Feminists must accommodate to the paradox that the road to exactly the same political conclusions, far from being the same for all, can in fact take divergent and even opposite paths. This requires us to look more closely at the relationship between theoretical analyses and political strategies; and it suggests also that it might be advisable to look at the biologism of radical feminists and of socialist feminists to see if they have exactly the same content – though I cannot undertake this here.

Those of us who are radical feminists and also claim a materialist approach, have, after years of thought, arrived at the provisional conclusion that to understand patriarchy it is necessary radically to question the whole of patriarchal ideology. We must reject all its presuppositions, up to and including those which appear not to be such, but rather to be categories furnished by reality itself, e.g. the categories ‘women’ and ‘men’. Sketching in our current work very briefly, we think that gender, the respective social positions of women and men, is not constructed on the (apparently) natural category of sex (male and female), but rather that sex has become a pertinent fact, hence a perceived category, because of the existence of gender.

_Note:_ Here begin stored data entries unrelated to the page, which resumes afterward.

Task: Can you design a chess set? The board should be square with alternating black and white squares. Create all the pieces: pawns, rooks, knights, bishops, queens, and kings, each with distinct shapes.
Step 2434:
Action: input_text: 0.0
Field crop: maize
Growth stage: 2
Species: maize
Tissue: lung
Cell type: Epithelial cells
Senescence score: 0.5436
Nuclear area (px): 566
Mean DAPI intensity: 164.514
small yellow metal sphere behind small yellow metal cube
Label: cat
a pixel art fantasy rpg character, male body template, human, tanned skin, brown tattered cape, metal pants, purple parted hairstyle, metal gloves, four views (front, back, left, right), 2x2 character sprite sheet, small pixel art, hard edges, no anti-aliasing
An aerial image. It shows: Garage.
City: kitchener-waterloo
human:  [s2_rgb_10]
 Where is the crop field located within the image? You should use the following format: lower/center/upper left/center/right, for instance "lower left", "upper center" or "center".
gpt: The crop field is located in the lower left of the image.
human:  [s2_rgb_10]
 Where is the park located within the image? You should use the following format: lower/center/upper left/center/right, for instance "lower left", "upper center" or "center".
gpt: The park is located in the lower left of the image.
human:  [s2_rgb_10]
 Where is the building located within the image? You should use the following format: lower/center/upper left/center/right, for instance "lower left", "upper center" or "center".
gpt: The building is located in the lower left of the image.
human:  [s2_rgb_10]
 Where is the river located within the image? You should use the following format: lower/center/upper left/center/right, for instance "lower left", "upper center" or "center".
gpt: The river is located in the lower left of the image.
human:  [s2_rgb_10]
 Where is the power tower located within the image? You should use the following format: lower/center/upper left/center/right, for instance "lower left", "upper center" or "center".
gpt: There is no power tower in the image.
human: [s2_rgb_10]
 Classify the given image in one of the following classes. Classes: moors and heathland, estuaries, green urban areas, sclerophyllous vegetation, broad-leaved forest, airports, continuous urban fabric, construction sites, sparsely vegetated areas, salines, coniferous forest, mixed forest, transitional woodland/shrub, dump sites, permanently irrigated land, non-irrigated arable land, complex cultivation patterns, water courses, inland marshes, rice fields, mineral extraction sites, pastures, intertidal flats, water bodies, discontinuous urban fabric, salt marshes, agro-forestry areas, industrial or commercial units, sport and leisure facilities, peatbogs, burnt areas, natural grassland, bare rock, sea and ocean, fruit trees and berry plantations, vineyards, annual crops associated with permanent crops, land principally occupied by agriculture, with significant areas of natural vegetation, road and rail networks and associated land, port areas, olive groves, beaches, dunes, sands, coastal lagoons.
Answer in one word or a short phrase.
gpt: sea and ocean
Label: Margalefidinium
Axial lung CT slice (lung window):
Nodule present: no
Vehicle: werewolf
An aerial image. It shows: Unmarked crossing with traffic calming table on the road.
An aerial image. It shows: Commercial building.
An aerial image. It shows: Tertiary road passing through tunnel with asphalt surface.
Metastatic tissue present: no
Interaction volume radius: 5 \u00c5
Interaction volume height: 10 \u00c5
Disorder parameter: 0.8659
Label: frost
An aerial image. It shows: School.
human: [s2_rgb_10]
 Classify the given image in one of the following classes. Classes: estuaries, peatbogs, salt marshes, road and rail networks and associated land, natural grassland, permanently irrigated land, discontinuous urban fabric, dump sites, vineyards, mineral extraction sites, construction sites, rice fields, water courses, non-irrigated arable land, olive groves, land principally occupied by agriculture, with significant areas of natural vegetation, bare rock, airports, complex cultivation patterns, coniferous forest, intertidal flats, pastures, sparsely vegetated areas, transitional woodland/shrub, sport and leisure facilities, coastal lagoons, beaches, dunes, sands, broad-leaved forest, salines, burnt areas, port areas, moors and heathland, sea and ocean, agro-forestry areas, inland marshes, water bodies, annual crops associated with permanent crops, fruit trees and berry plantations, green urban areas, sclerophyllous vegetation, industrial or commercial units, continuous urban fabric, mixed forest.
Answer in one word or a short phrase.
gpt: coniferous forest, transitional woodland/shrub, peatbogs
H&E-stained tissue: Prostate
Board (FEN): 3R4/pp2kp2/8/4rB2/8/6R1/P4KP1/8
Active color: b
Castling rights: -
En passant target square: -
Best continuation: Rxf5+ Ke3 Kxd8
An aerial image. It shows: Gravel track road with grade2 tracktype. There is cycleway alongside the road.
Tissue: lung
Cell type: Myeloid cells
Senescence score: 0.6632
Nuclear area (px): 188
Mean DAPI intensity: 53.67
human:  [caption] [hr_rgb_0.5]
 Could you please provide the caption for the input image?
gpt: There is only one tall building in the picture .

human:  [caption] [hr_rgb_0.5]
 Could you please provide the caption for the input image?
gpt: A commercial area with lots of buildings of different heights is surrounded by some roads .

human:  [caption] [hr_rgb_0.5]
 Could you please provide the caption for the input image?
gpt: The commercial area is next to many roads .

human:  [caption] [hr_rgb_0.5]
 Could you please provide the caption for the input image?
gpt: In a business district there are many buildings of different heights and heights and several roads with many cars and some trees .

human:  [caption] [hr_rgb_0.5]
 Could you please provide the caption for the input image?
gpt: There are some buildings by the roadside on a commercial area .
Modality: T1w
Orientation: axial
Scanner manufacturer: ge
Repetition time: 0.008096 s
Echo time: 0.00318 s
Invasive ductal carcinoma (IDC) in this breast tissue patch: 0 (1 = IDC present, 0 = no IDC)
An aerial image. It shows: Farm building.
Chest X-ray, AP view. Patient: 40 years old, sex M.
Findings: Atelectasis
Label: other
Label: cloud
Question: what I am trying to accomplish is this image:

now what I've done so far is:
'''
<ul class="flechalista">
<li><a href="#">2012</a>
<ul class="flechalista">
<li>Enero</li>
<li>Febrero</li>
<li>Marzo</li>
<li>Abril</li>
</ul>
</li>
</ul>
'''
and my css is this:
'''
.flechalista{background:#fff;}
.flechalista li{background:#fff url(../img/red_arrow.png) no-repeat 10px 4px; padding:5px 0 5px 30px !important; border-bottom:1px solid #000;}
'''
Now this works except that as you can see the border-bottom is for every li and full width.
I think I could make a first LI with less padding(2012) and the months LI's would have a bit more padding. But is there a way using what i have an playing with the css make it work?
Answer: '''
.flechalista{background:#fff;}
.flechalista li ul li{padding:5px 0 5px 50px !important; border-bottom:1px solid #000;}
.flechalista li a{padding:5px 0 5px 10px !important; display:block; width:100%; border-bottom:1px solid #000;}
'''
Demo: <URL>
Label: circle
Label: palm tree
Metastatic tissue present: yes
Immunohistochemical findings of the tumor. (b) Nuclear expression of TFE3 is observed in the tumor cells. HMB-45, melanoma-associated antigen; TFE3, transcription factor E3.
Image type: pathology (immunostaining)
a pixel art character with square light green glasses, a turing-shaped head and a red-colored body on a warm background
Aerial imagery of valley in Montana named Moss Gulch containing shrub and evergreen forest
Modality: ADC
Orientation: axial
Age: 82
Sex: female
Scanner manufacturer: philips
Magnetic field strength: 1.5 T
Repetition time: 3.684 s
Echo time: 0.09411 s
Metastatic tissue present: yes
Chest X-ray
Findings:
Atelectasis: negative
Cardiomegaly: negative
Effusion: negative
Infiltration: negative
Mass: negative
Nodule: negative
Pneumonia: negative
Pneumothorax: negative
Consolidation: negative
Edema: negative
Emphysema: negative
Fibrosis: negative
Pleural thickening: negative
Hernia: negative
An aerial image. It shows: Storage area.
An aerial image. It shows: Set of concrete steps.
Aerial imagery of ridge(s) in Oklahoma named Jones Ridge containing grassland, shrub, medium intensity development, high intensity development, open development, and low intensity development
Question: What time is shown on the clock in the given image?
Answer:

For most people, including many feminists, anatomical sex (and its physical implications) creates, or at least permits, gender – the technical division of labour. This in turn creates, or at least permits, the domination of one group by another. We believe, however, that it is oppression which creates gender; that logically the hierarchy of the division of labour is prior to the technical division of labour and created the latter: i.e. created the sexual roles, which we call gender. Gender in its turn created anatomical sex, in the sense that the hierachical division of humanity into two transforms an anatomical difference (which is in itself devoid of social implications) into a relevant distinction for social practice. Social practice, and social practice alone, transforms a physical fact (which is in itself devoid of meaning, like all physical facts) into a category of thought.

This is obviously a hypothesis, and it will be some years before it is proved (or disproved) since it runs directly counter to what now appears as incontrovertible evidence – namely, that the different roles played by males and females in procreation could not but possess an intrinsic importance for society as a whole, whatever form is subsequently constructed on this difference. To show that the process is in fact the opposite of this, and that this difference (i.e. the meaning given to it) is the end result of social practice and not the basis of social practice, is a gamble, but it is nevertheless the bet we wish to place.

This approach is for us the logical follow-up to the initial common vision of the women’s movement, i.e. seeing men’s domination as a political phenomenon. This starting point has lead us to put the accent on the relationship which establishes women and men in two groups which are not only different, but above all, and from the first, hierarchized. That is, it has led us to adopt a class problematic. In such a problematic it is not the content of each role which is essential, but the relationship between the roles, between the two groups. This relationship is characterized by hierarchy and it is the latter which explains the content of each role, and not the reverse. In this problematic, therefore, as we see it, the key concept is that of oppression, which is, or ought to be, the key concept of all class problematics.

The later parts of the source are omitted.